*Data shown*:

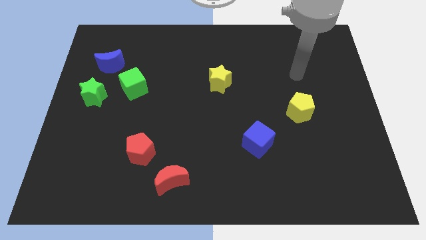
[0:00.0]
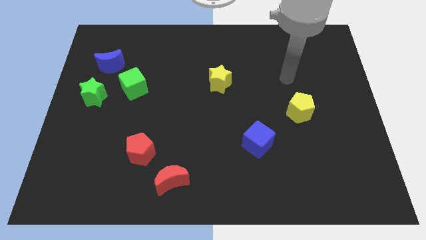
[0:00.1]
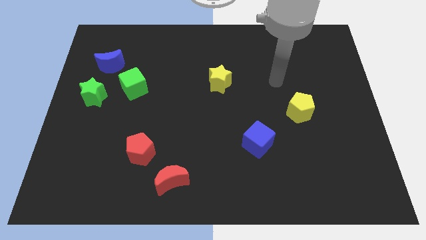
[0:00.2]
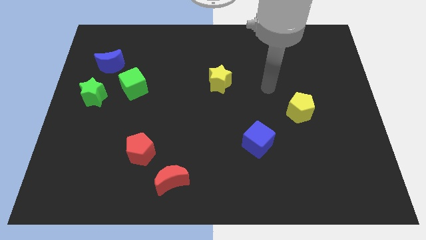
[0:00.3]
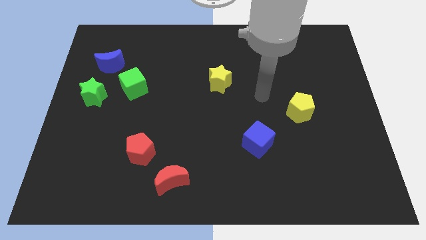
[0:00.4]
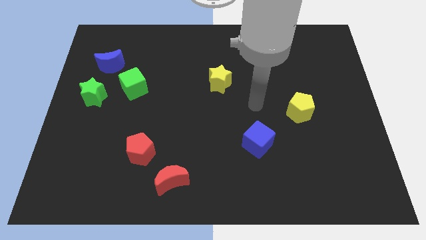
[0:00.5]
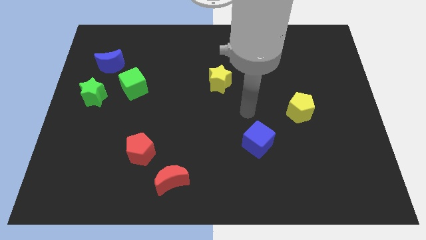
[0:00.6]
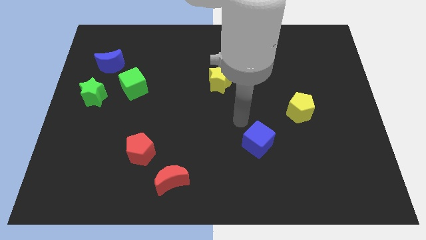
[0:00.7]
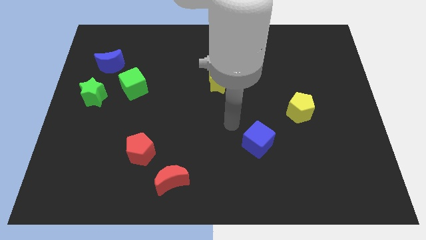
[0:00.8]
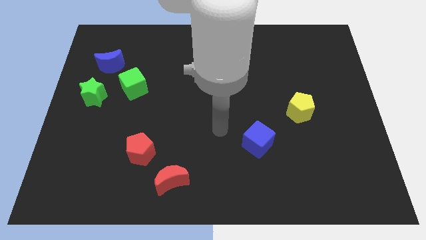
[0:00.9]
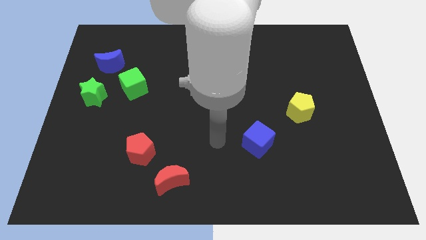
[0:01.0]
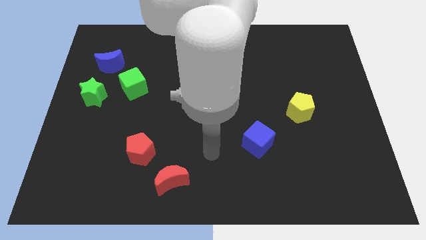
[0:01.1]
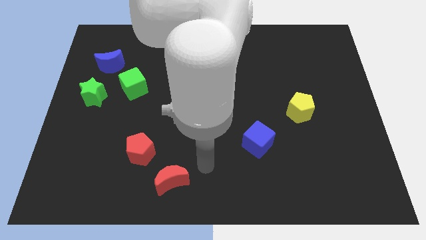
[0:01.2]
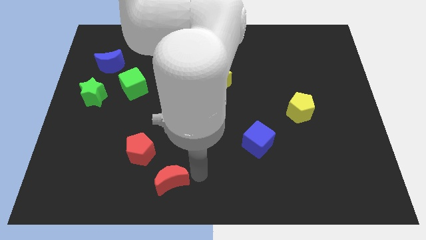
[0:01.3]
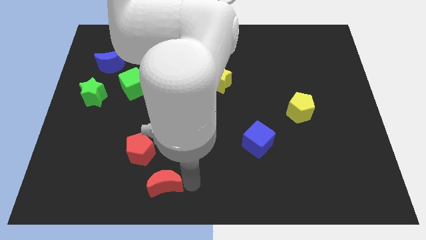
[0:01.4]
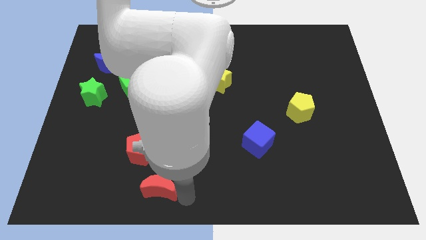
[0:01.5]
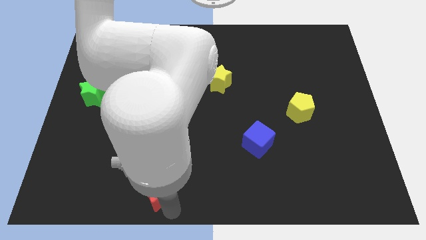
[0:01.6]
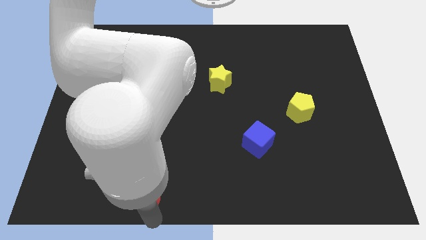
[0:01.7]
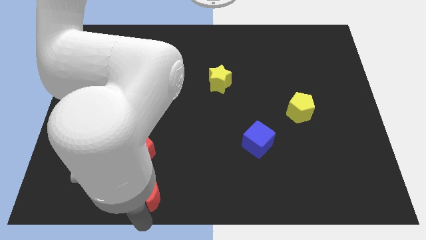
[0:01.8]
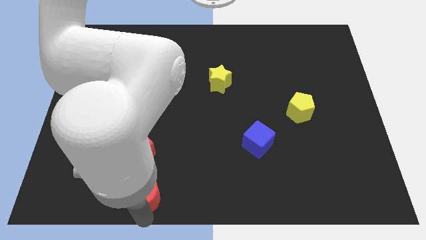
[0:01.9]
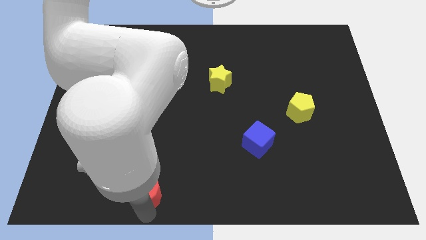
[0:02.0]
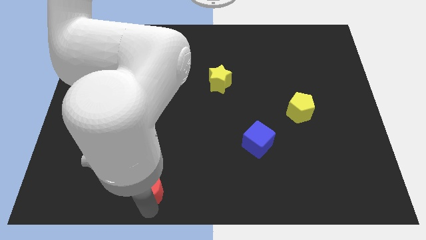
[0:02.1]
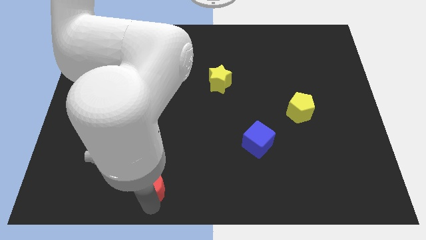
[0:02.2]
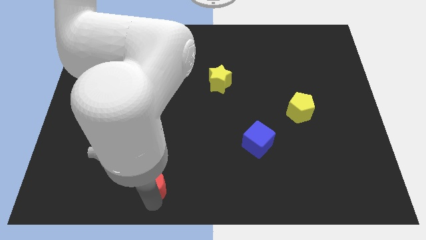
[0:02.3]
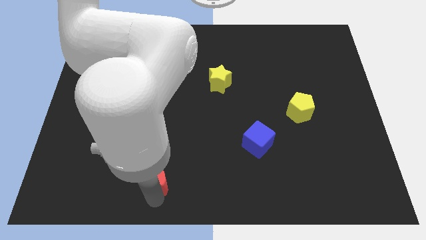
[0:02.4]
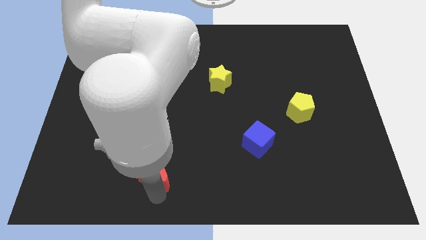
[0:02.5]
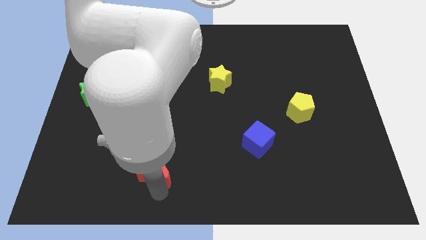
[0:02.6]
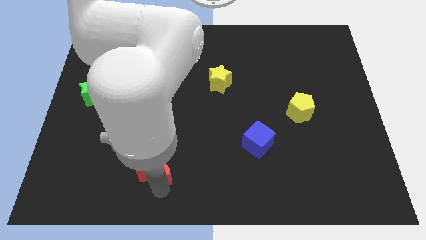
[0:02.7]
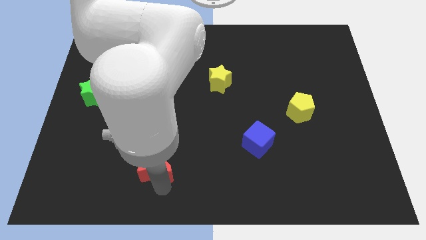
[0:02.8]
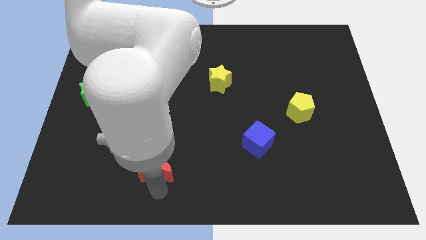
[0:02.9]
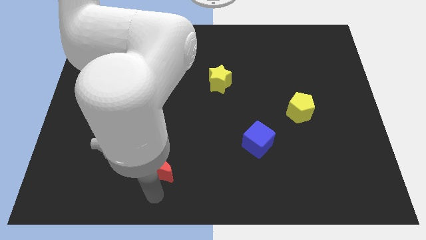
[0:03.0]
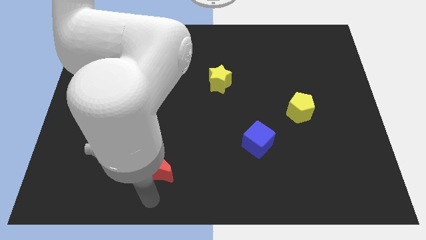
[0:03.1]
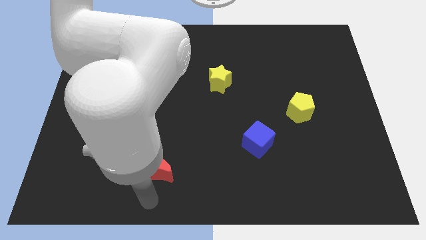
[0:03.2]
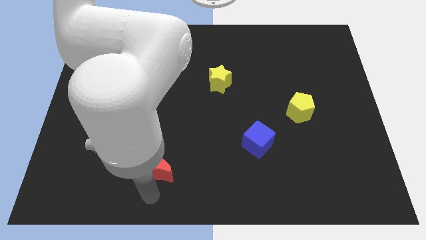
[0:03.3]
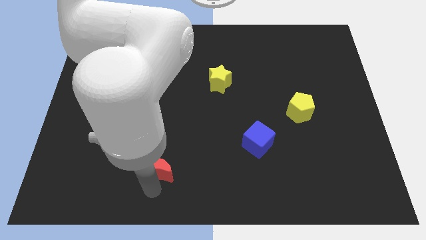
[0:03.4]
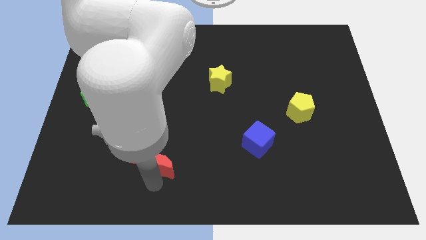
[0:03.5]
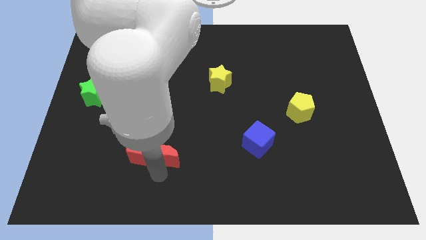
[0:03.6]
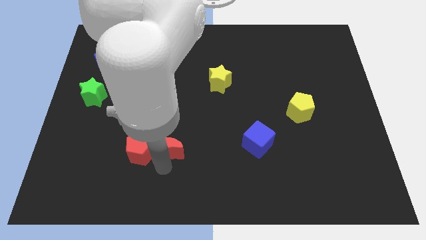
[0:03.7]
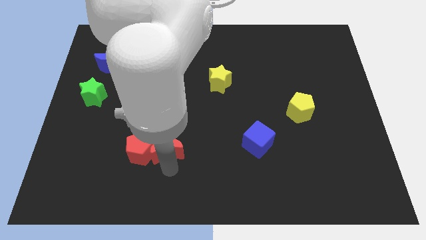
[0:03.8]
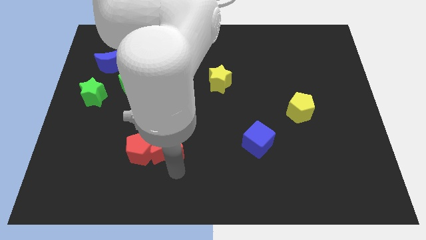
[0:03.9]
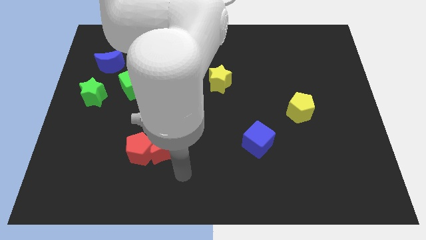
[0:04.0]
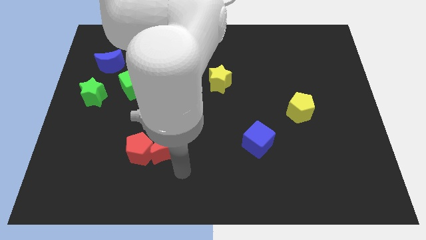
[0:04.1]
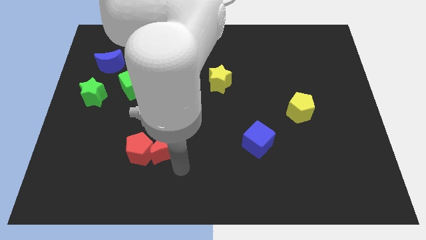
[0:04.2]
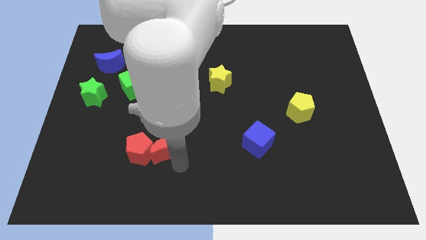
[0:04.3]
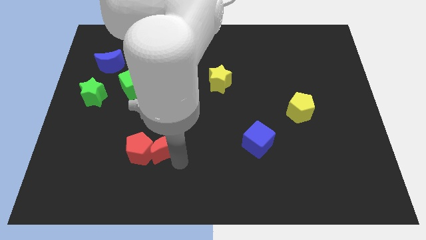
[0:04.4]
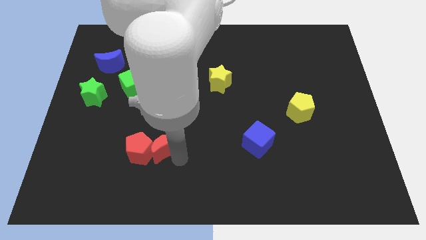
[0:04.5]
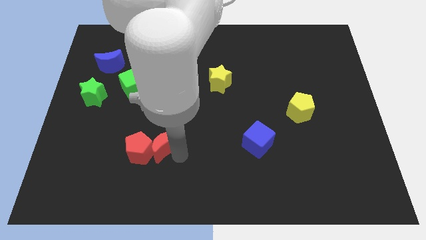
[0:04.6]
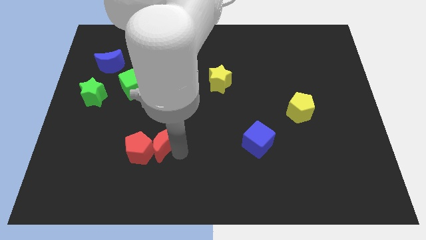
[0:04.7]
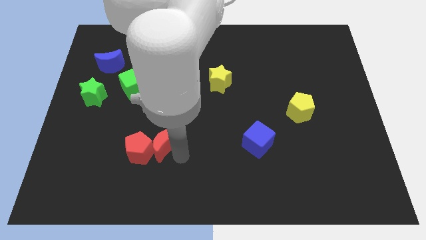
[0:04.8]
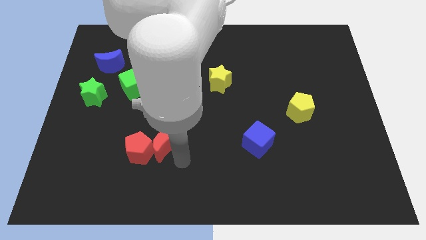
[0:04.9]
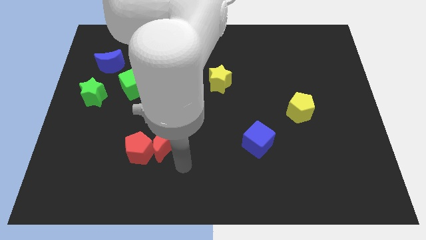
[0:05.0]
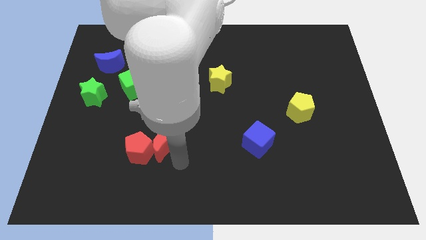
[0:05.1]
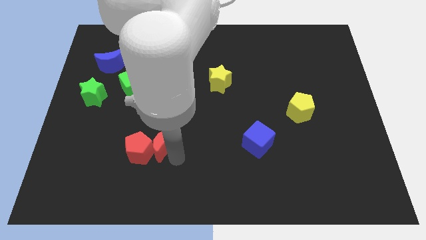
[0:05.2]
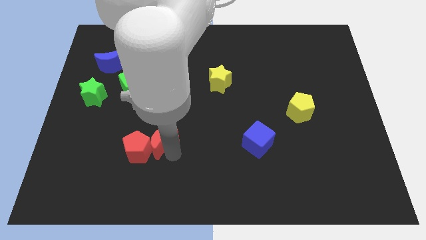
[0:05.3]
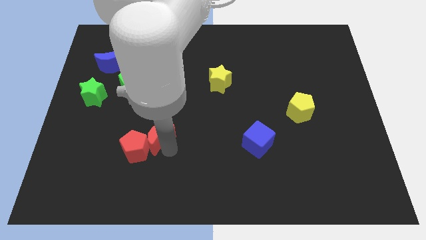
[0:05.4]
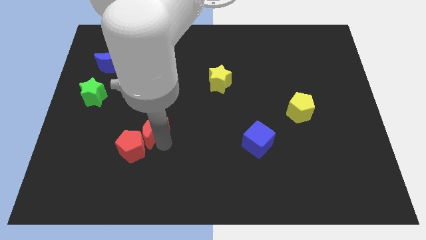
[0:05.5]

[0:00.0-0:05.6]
move the red moon above the red pentagon

*Your goal*:
An exact copy of every entry above is needed, minus the pictures.

*Response to this task*:
[0:00.0]
[0:00.1]
[0:00.2]
[0:00.3]
[0:00.4]
[0:00.5]
[0:00.6]
[0:00.7]
[0:00.8]
[0:00.9]
[0:01.0]
[0:01.1]
[0:01.2]
[0:01.3]
[0:01.4]
[0:01.5]
[0:01.6]
[0:01.7]
[0:01.8]
[0:01.9]
[0:02.0]
[0:02.1]
[0:02.2]
[0:02.3]
[0:02.4]
[0:02.5]
[0:02.6]
[0:02.7]
[0:02.8]
[0:02.9]
[0:03.0]
[0:03.1]
[0:03.2]
[0:03.3]
[0:03.4]
[0:03.5]
[0:03.6]
[0:03.7]
[0:03.8]
[0:03.9]
[0:04.0]
[0:04.1]
[0:04.2]
[0:04.3]
[0:04.4]
[0:04.5]
[0:04.6]
[0:04.7]
[0:04.8]
[0:04.9]
[0:05.0]
[0:05.1]
[0:05.2]
[0:05.3]
[0:05.4]
[0:05.5]

[0:00.0-0:05.6]
move the red moon above the red pentagon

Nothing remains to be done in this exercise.